Я не нашлась, что ответить на это. В нашем маленьком городе не было палача, и я не могла представить, что кому-то могут запрещать покупать себе еду.

Навстречу нам промчалась лошадь, и за шляпкой всадницы полосой белого тумана струилась вуаль.

– Куда вы, фьера Селена? – окликнула всадницу Лилиана.

– Забыла ленты на берегу! – ответила женщина, смеясь. – Не волнуйтесь! Я знаю дорогу домой!

– Не сомневаюсь в этом, – ответила сестра слишком уж любезно, и я с удивлением посмотрела вслед фьере Селене.

Возвращаться в сумерках за лентами? Вполне можно было забрать их завтра, при свете солнца, или даже послать за ними слугу. Белая вуаль трепыхнулась на ветру последний раз и скрылась из виду, за поворотом дороги, а Лилиана произнесла с раздражением:

– Как пить дать, кому-то назначила свидание. Все время заводит любовников – знают все, кроме мужа.

– Не следует говорить о подобном в присутствии Виоль, – одернула её шокированная тётушка. – Пощади невинные уши!

– Пусть привыкает, – сказала сестра, как отрезала. – У замужней женщины только два пути – либо изменяет она, либо изменяют ей.
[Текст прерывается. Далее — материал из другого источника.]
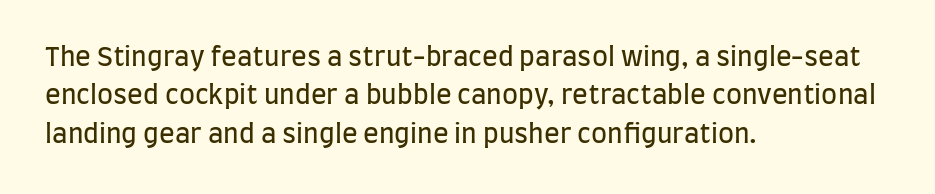
Leftover space on each line is placed entirely after the last word. The font sits on the lighter half of the weight spectrum, regular included. Here the glyphs are tracked normally, forming tight word shapes. Evenly set lines give the paragraph a standard silhouette. The area under the type is left untouched. The letters stand upright; this is a roman face.
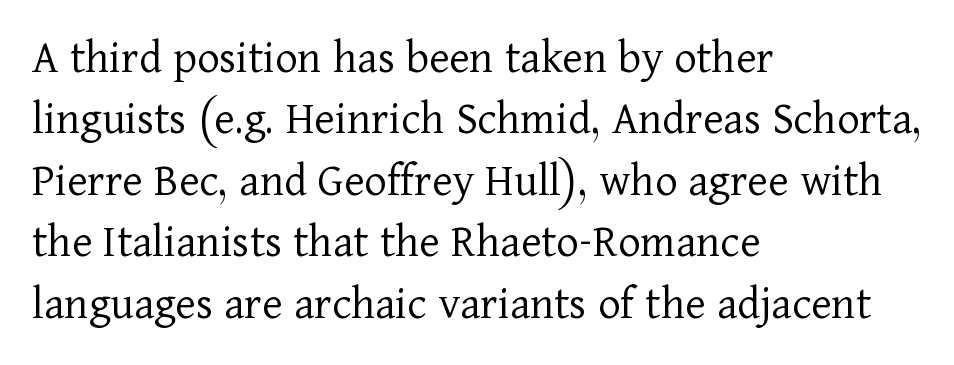
The image shows 48 px light serif type, upright; set left-aligned, normal line spacing (1.28x), normal letter spacing, not underlined; low stroke contrast and a medium x-height.
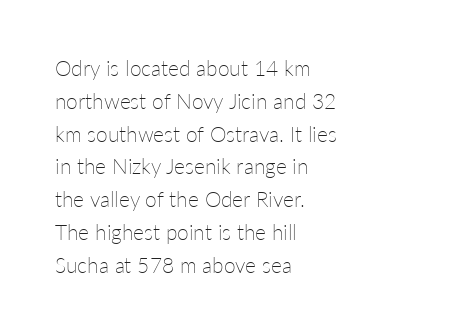
Upright lettering throughout. The rows are spaced the way most documents space them. These lines stack with their left ends in a neat column. The space beneath each line is pristine and unruled. This sample uses plain, unmodified letter spacing. Stem width sits at or under what a default text font uses.
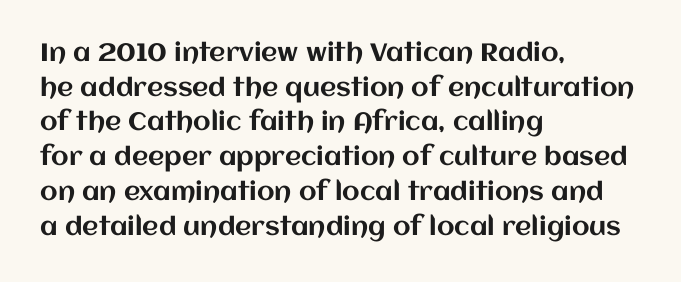
Q: Is the text italic (slanted)? A: No, it is upright.
Q: Is the text underlined? A: No.
Q: How is the paragraph aligned? A: Left-aligned.
Q: Is the spacing between letters normal or unusually wide? A: Normal.
Q: Is the spacing between lines tight, normal or loose? A: Normal.
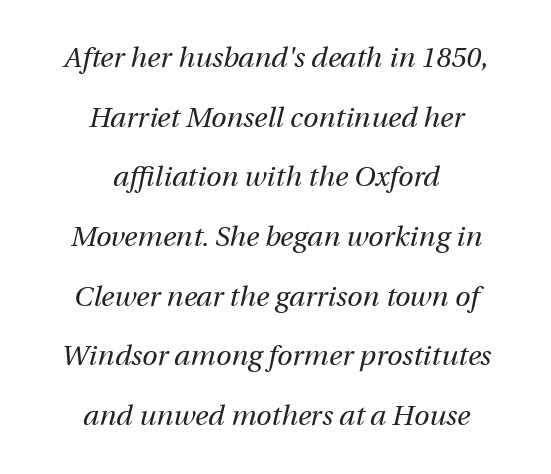
The image shows 28 px regular-weight type, italic (leaning right); set centered, loose line spacing (2.13x), normal letter spacing, not underlined; medium stroke contrast and a medium x-height.
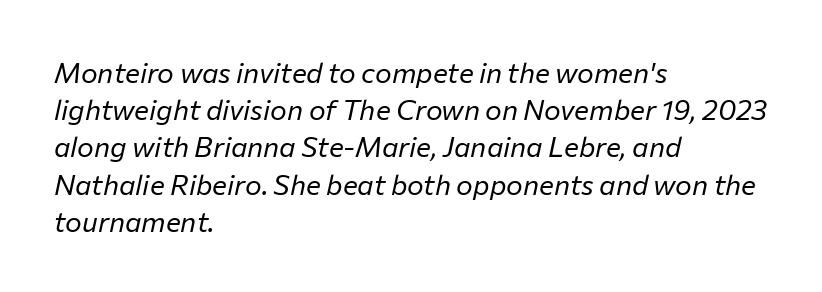
The letters look calm and open, with moderate or lighter stems. Quick note: italic. Beneath every word, the page is bare. Think of a printed novel: that variable character pitch is what you see here.
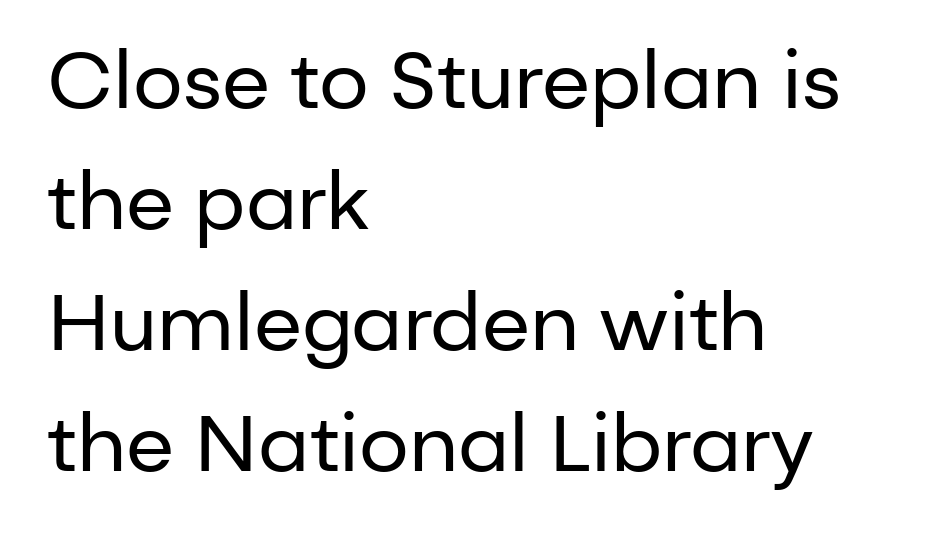
One glance says typical: line gaps are just what's usual. Nothing heavy about these letters — not bold at all. Every character sits straight up, as roman type does. The designer went with a sans here, leaving each stem footless. The glyphs are unaccompanied by any horizontal stroke below them.
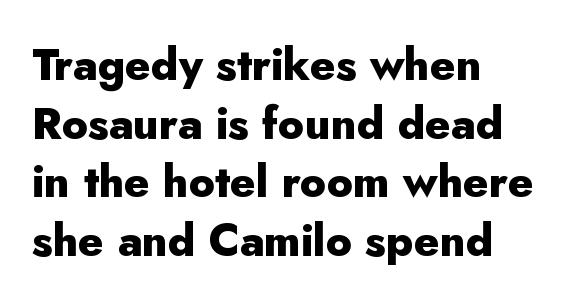
{"serif": "no", "italic": "no", "bold": "yes", "weight": "heavy", "width": "normal", "stroke_contrast": "low", "x_height": "small", "monospaced": "no", "underline": "no", "align": "left", "line_spacing": "normal", "line_spacing_ratio": 1.33, "letter_spacing": "normal", "letter_spacing_em": 0.0, "glyph_px": 44}
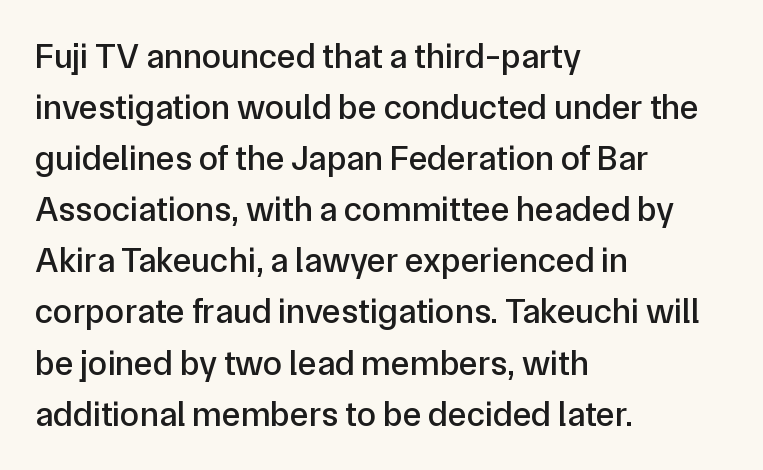
Each row of text sits above clean, open space. Honestly, the row spacing looks completely unremarkable. The rag falls on the right side of this text block. The passage shown is typed in a proportional face where columns would drift.

Я покраснела от такой откровенности, и тётя успокаивающе похлопала меня по руке, а потом кротко спросила у Лилианы:

– И к какой категории женщин относишься ты?
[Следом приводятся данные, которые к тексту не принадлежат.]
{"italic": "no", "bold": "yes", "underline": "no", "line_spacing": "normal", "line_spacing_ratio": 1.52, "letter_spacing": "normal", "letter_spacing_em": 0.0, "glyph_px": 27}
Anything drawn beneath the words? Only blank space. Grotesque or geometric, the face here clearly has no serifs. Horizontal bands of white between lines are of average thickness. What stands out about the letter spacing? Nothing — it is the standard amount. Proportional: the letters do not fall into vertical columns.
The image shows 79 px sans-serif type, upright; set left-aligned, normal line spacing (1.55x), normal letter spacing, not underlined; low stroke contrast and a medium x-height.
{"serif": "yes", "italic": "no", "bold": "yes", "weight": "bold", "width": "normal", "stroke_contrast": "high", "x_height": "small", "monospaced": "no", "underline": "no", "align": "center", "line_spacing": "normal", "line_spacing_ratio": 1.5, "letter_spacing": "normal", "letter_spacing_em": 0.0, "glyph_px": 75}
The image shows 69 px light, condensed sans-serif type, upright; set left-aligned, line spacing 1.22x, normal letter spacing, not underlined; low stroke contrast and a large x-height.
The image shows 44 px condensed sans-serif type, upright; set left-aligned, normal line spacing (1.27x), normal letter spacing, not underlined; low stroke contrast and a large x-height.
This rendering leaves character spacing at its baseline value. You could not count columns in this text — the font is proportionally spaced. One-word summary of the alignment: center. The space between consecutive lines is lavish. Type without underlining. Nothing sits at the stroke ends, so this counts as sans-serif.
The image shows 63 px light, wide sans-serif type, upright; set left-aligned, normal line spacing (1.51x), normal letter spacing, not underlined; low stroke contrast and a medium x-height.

– О! – Лилиана посмотрела на неё, вскинув брови, и рассмеялась. – Вы правы, тётя Аликс, нельзя судить других. Я попалась в свою же ловушку. Да, Виоль, иногда брак заключается на небесах. Как у нас с Гуго, к примеру. Постарайся найти себе такого же мужа, как мой Гуго – и всё у тебя будет прекрасно.
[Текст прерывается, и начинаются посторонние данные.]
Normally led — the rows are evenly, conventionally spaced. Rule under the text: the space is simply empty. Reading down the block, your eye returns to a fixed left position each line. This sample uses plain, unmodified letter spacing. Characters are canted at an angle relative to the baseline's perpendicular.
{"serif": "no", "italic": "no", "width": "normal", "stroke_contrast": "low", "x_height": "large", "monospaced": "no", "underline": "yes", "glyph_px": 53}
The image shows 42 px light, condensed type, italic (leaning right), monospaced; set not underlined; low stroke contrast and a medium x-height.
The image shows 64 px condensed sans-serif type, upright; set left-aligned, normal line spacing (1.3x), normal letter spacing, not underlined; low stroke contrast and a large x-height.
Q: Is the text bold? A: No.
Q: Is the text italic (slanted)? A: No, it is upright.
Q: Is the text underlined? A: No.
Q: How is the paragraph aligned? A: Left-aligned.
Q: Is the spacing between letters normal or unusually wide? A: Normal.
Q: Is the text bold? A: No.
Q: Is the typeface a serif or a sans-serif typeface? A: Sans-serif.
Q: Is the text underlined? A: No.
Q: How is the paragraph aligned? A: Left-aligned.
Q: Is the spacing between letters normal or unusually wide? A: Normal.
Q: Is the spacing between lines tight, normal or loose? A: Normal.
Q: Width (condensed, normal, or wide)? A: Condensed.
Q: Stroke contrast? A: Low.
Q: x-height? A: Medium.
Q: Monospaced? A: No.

Но мне неловко было говорить о будущем муже, и я перевела разговор сначала на очаровательный вид плотины, а потом на того, узнать о котором мне было и страшно и интересно – как послушать одну из сказок про драконов и магических чудовищ, которые в далеком детстве рассказывала кормилица.

– Почему мастер Рейнар всегда в маске? – спросила я у тёти. – Это пугает…

– Все палачи носят маски, – тётя пожала плечами. – Во время казни. Но мастер носит и в свободное время. Наверное, ему так удобно.

– Или он страшней летучей мыши, – сказала Лилиана. – Говорят, что он очень уродлив, что во время пыток один из преступников откусил ему нос.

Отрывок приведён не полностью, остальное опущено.